# Mathematical Proof of Complementary Filter？

Having found some unofficial sources on Complementary Filter (Thousand Thoughts Sensor Fusion and The Balance Filter by Shane Colton), I wish to work out its rigorous mathematical proof.

The Complementary Filter, $$y=\alpha \times y+(1-\alpha) \times x$$ where $\alpha$ is the filter parameter, usually chosen to be ~0.98, is named as such, because effectively the filter highpasses $y$ and lowpasses $x$.

With this setup ($\alpha=0.98$), man claims that the filter can filter out the low-frequency part of $y$ and meanwhile the high-frequency part of $x$.

What is the mathematical proof here?

There is no rigorous proof so far available. All the sources simply take it as granted and validates it with experiment data, which is unacceptable in scientific validation.

• The definition of complementary in the original article is sloppy at best: One quote on Kalman filters is "I have no idea how it works. It’s mathematically complex, requiring some knowledge of linear algebra". Before you can proof something you need a crispy definition. Best I can tell is that "complementary" refers to the use of two different types of sensors which are combined in some way and it has little to do with the actual filters – Hilmar Sep 4 '13 at 11:34
• In addition to the good answer below, this type of filter is often called a leaky integrator. Previous questions that talk about it are here, here, and here. – Jason R Sep 4 '13 at 14:50
• @Hilmar thanks for the comment! It helps! – Sibbs Gambling Sep 11 '13 at 15:26
• @JasonR THank you for the resources pointed out! They really help! :) – Sibbs Gambling Sep 11 '13 at 15:27

This is a first order, low pass infinite impulse response filter (IIR). It is some times called the exponentially weighted moving average. You can find the derivation on Wikipedia. Orfanidis' Introduction to Signal Processing gives a nice description as well.

Don't think of it as high passing y and low passing x, this will lead to confusion. It is weighting y more heavily than x, the consequence is short time variations of x have a small effect on y, therefore removing higher frequencies.

Also looking at your other questions, it appears that you think that this is a high pass filter as well. This is not the case. α is valid from 0 to 1, so you can see that you will get a lot of low pass filtering (High time constant, limited by your digital precision) or no filtering where y = x ( In the case of x = 0). Read up on high pass filters if you need one, wikipedia gives the difference equation (you have provided the low pass one) for a single order high pass filter.

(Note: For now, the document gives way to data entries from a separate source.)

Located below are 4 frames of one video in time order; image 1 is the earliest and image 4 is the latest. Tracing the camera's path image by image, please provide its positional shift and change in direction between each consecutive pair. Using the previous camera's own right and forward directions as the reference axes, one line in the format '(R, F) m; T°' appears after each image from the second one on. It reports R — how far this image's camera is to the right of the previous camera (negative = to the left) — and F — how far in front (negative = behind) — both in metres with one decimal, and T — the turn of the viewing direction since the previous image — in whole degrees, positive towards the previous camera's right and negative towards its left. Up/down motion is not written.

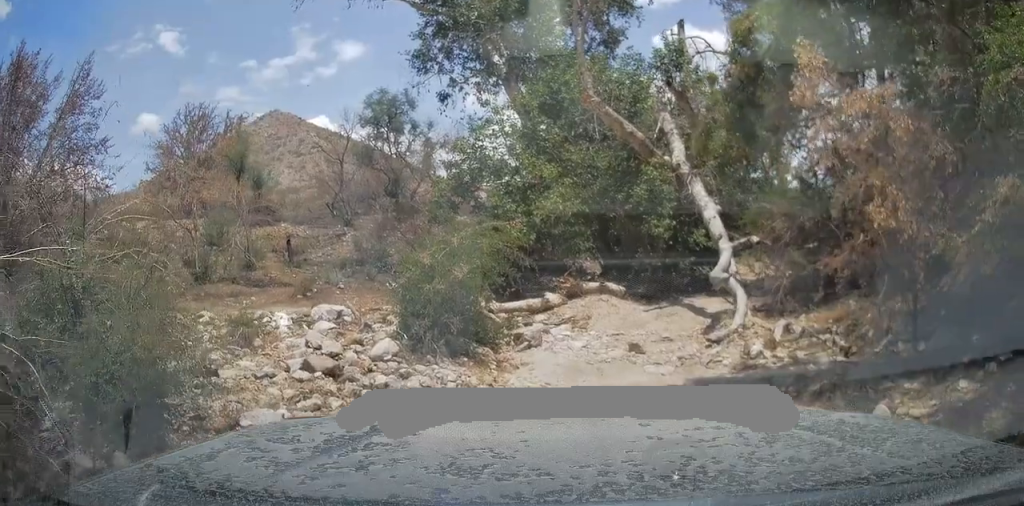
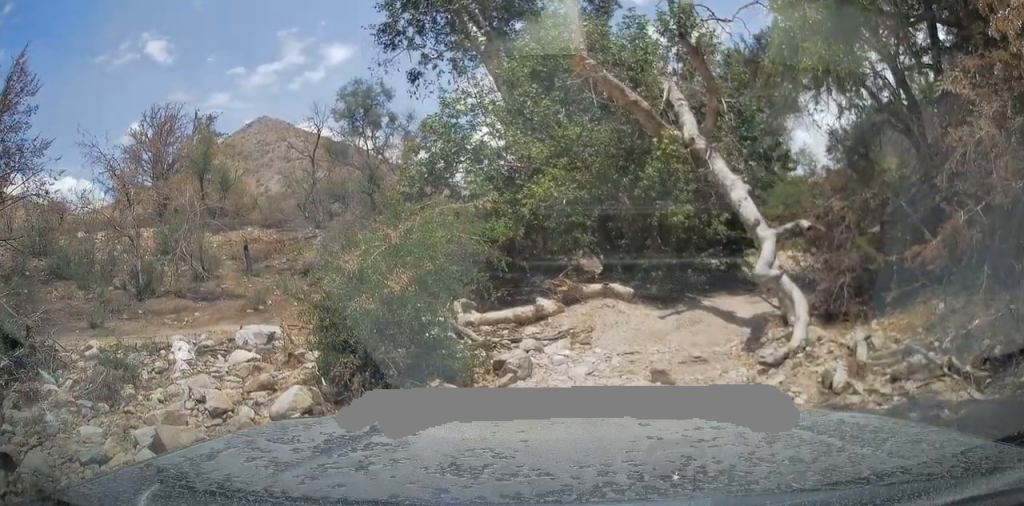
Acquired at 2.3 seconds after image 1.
(0.0, +3.8) m; 0°
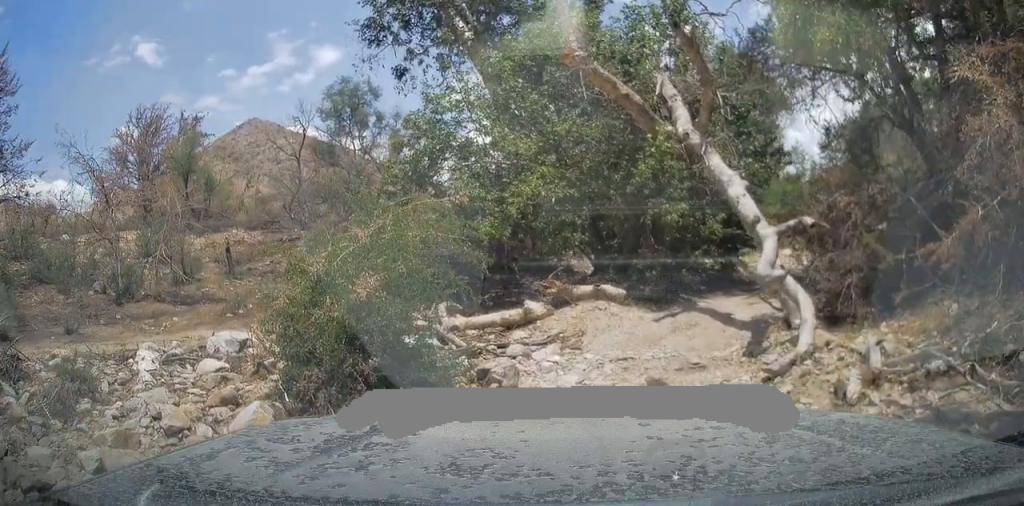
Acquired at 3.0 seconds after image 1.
(0.0, +0.8) m; 0°
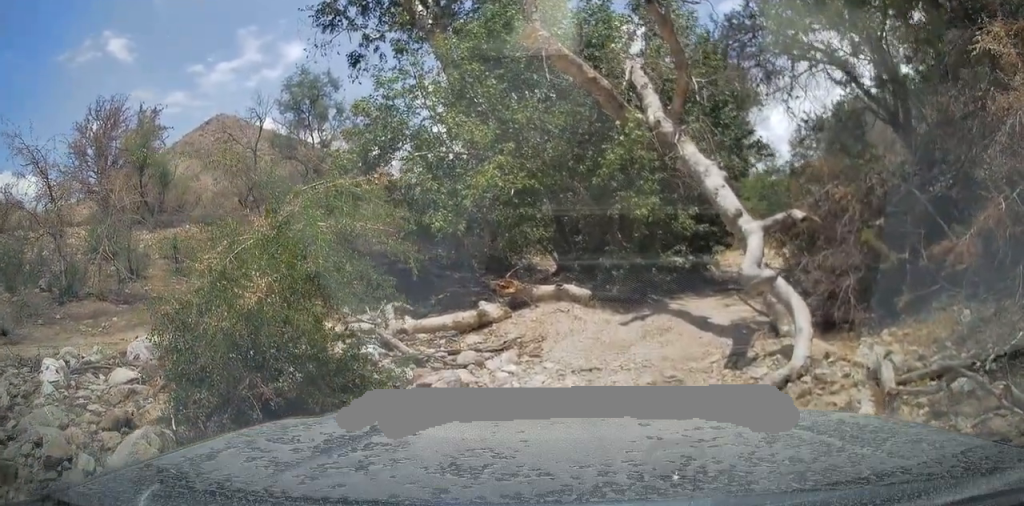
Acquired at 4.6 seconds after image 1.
(+0.1, +1.3) m; 0°

• Thank you very much for the nice answer! It is indeed a LP IIR. I suddenly realized that it was also an implementation of EWMA, which is simply a smoothing technique acting as a LPF. I agree. However, as said, it has no functions of HPF, then how can it remove the DC drift in this case?thousand-thoughts.com/2012/03/android-sensor-fusion-tutorial If it is just a simply EWMA, then the DC drift should remain. I still don't get it why it can remove the low-freq DC drift... – Sibbs Gambling Sep 4 '13 at 9:06
• He hasn't implemented a high pass filter, he is using the second filter to fuse the two data sources, weighted away from the one with the drift (I assume). You can see it is not a filter like his diagram suggests by the fact that its not output = oldOutput * a + input * b. The implementation while might work fine, isn't strictly what is claimed. – woollissjp Sep 4 '13 at 9:17
• I myself has also implemented such a so-called complementary filter. ONLY with this filter (i.e., no additional HPF), I can really remove the DC drift in y. How can it be accounted for, if it is not like a HPF? Thanks!:) – Sibbs Gambling Sep 11 '13 at 15:31

That's the result I got when I implemented the filter on MatLab. Notice that the yellow line is the usual implementation, with alpha = 0.95. So, indeed, it doesn`t seem to eliminate the DC drift, although it do filter the high frequency input the bigger the alpha.